Patients in whom the azygos vein is inadvertently cannulated may tolerate infusions and blood draws, but this does not mean that inadvertent azygos vein cannulation is acceptable, especially given the late complications of vascular perforation that can occur.⁹

The cannulation of the azygos vein in our patient was completely unintentional; nevertheless, the line was kept in and used for a short period for the initial rehydration and pain control and was subsequently removed without any complications.

WHEN IS CANNULATION OF THE AZYGOS VEIN AN OPTION?

In patients with previous multiple central vein cannulations, the rates of thrombosis and of fibrotic changes in these veins are high. In patients with thrombosis of both the superior vena cava and the inferior vena cava, direct insertion of a catheter into the azygos vein has been suggested as an alternate route to obtain access for dialysis.⁸ This approach has also been used successfully to administer total parenteral nutrition for a prolonged time in pediatric patients.¹⁴ In short, the azygos vein is never preferred for central venous access, but it can occasionally serve as an alternate route.^5–9

TAKE-HOME POINTS

The radiographic assessment of an internal jugular or subclavian line may occasionally be deceptive if based solely on the anteroposterior view; confirmation may require a lateral view. We found no guidelines for using the azygos vein for central venous access. The options in cases of aberrant cannulation include leaving the line in, removing and reinserting it at the same or another site under fluoroscopy, and attempting to reposition it after changing the catheter over a guidewire.

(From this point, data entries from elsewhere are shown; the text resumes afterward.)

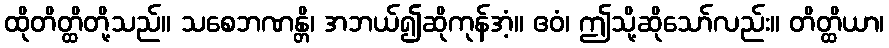
ထိုတိတ္ထိတို့သည်။ သစေဘဏန္တိ၊ အဘယ်၍ဆိုကုန်အံ့။ ဧဝံ၊ ဤသို့ဆိုသော်လည်း။ တိတ္ထိယာ၊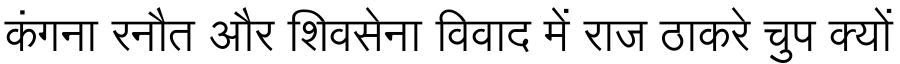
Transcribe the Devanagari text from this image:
कंगना रनौत और शिवसेना विवाद में राज ठाकरे चुप क्यों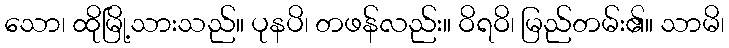
သော၊ ထိုမြို့သားသည်။ ပုနပိ၊ တဖန်လည်း။ ဝိရဝိ၊ မြည်တမ်း၏။ သာမိ၊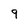
Character: 9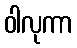
ဝါလုကာ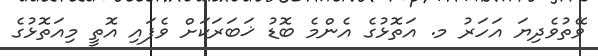
ވޭތުވެދިޔަ އަހަރު މ. އަތޮޅުގެ އެންމެ ބޮޑު ޚަބަރަކަށް ވެފައި އޮތީ މިއަތޮޅުގެ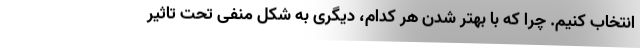
انتخاب کنیم. چرا که با بهتر شدن هر کدام، دیگری به شکل منفی تحت تاثیر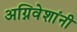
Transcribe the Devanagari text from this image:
अग्निवेशांनी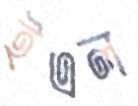
ইএল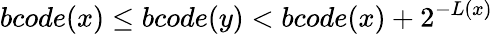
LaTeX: bcode(x)\leq bcode(y)<bcode(x)+2^{-L(x)}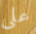
على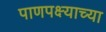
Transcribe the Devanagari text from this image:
पाणपक्ष्याच्या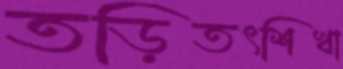
তড়িতৎশিখা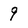
Character: 9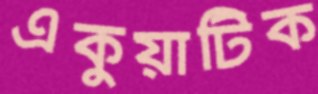
একুয়াটিক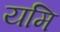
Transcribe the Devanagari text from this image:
यमि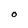
Character: O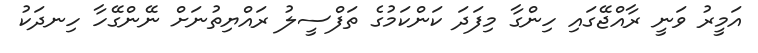
އަމީރު ވަނީ ރާއްޖޭގައި ހިންގާ މިފަދަ ކަންކަމުގެ ތަފްސީލު ރައްޔިތުނަށް ނޭންގޭހާ ހިނދަކު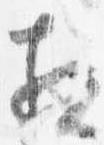
相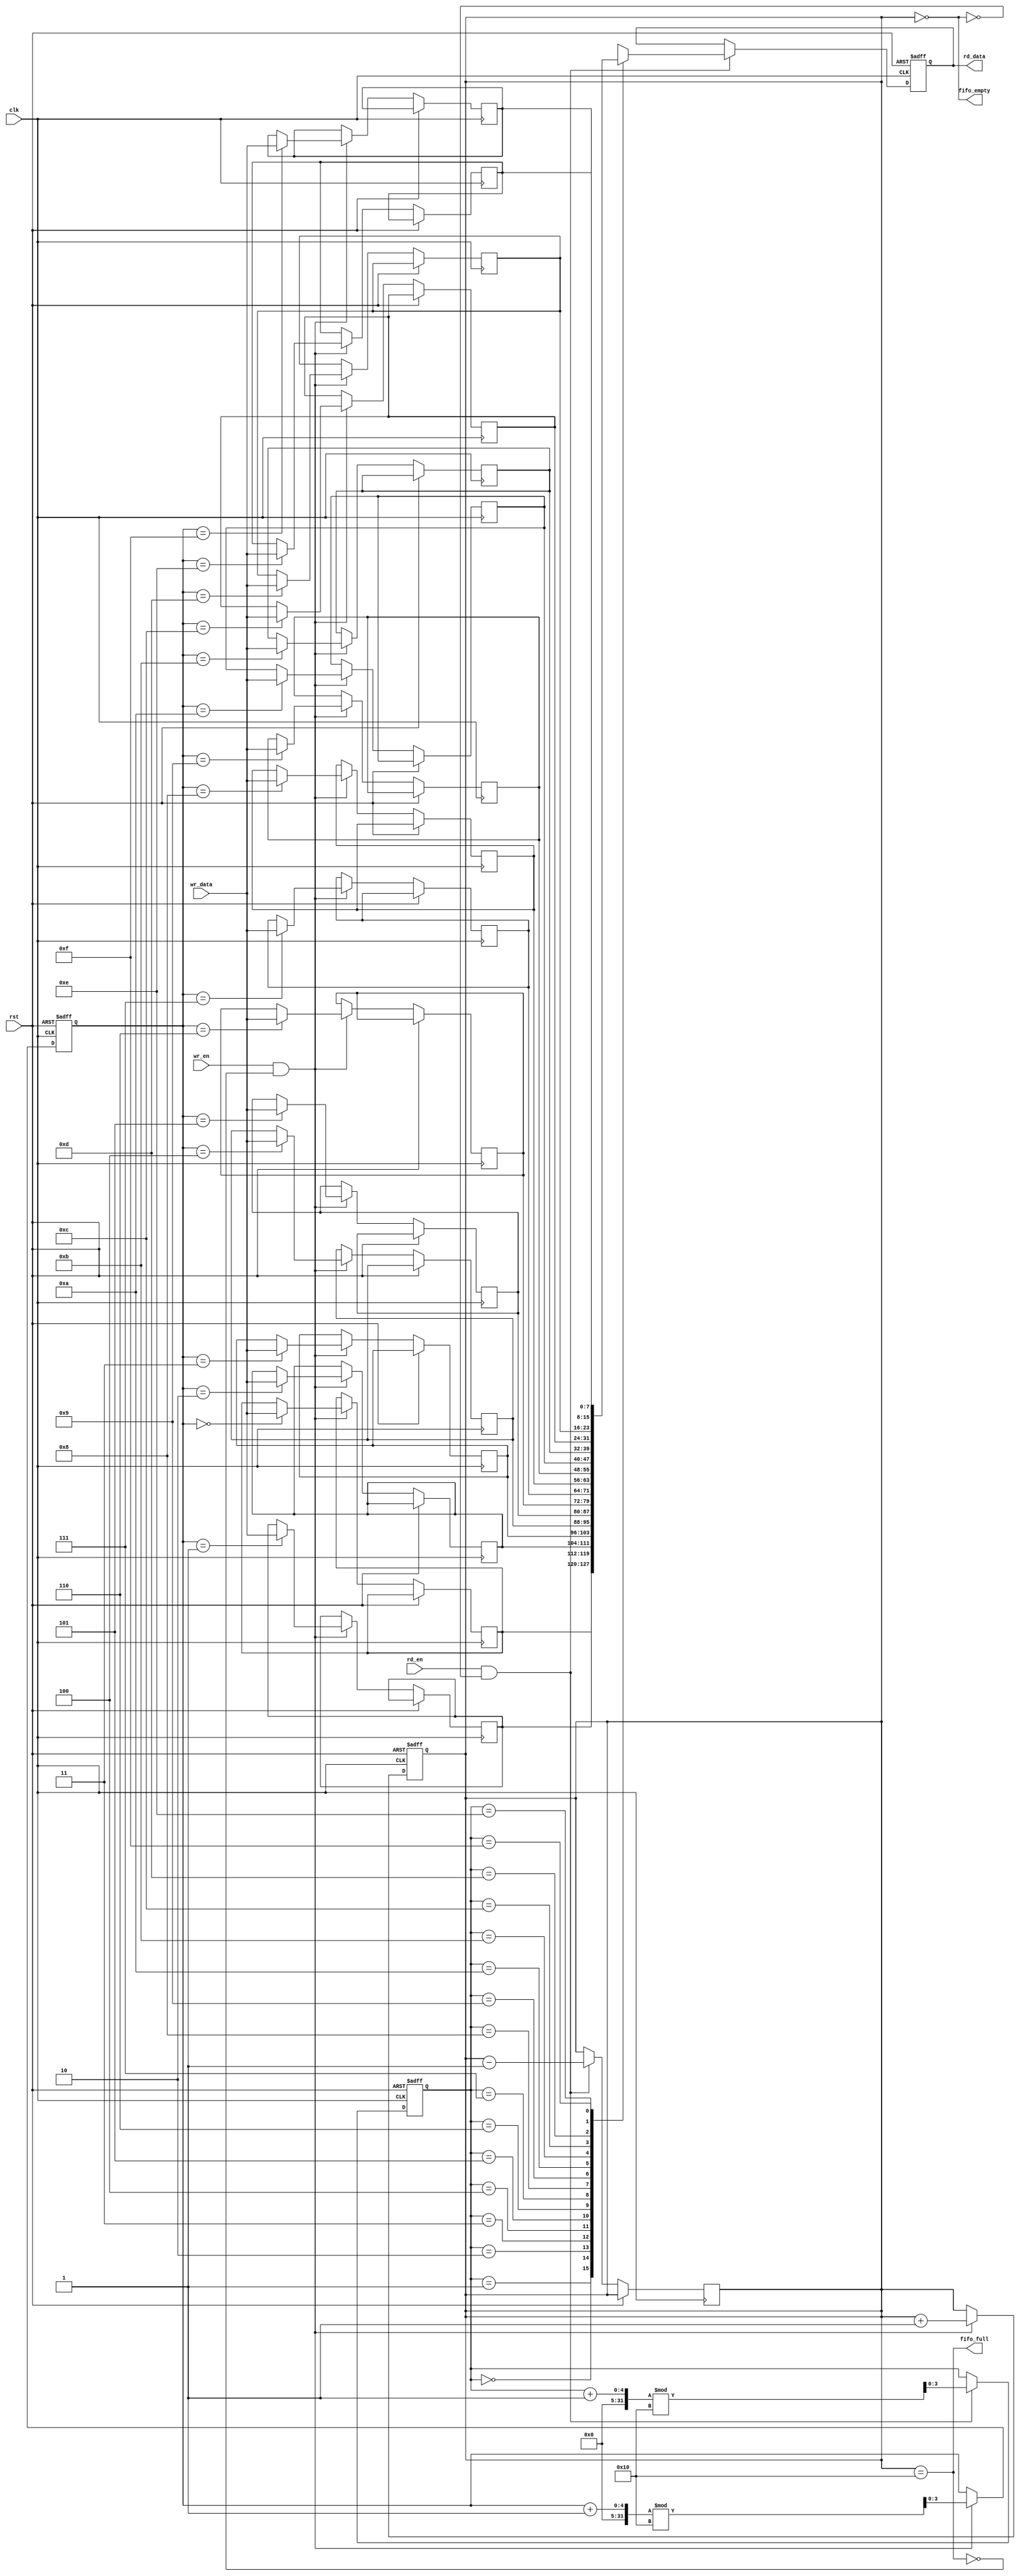
module multiport_fifo #(
    parameter DATA_WIDTH = 8,  // Width of each data entry
    parameter FIFO_DEPTH = 16   // Number of entries in the FIFO
)(
    input wire clk,
    input wire rst,
    
    // Write Port
    input wire [DATA_WIDTH-1:0] wr_data,
    input wire wr_en,
    output wire fifo_full,
    
    // Read Port
    input wire rd_en,
    output reg [DATA_WIDTH-1:0] rd_data,
    output wire fifo_empty
);

    // Memory array
    reg [DATA_WIDTH-1:0] fifo_mem [0:FIFO_DEPTH-1];
    
    // Pointers
    reg [clog2(FIFO_DEPTH)-1:0] wr_ptr;
    reg [clog2(FIFO_DEPTH)-1:0] rd_ptr;
    reg [clog2(FIFO_DEPTH):0] count; // To keep track of the number of items in the FIFO

    // Full and empty flags
    assign fifo_full = (count == FIFO_DEPTH);
    assign fifo_empty = (count == 0);

    // Write Logic
    always @(posedge clk or posedge rst) begin
        if (rst) begin
            wr_ptr <= 0;
            count <= 0;
        end else if (wr_en && !fifo_full) begin
            fifo_mem[wr_ptr] <= wr_data;
            wr_ptr <= (wr_ptr + 1) % FIFO_DEPTH;
            count <= count + 1;
        end
    end

    // Read Logic
    always @(posedge clk or posedge rst) begin
        if (rst) begin
            rd_ptr <= 0;
            rd_data <= 0;
        end else if (rd_en && !fifo_empty) begin
            rd_data <= fifo_mem[rd_ptr];
            rd_ptr <= (rd_ptr + 1) % FIFO_DEPTH;
            count <= count - 1;
        end
    end

    // Function to calculate log2
    function integer clog2(input integer value);
        begin
            value = value - 1;
            for (clog2 = 0; value > 0; clog2 = clog2 + 1)
                value = value >> 1;
        end
    endfunction

endmodule

The use of central lines found to be in an aberrant position should be driven by clinical judgment based on the urgency of the need of access, the availability or feasibility of other access options, and the intended use. The use of the azygos vein is fraught with procedural complications, as well as postprocedural complications related to vascular perforation. If the position of the catheter tip on the anteroposterior radiographic view is not satisfactory, obtaining a lateral view should be considered.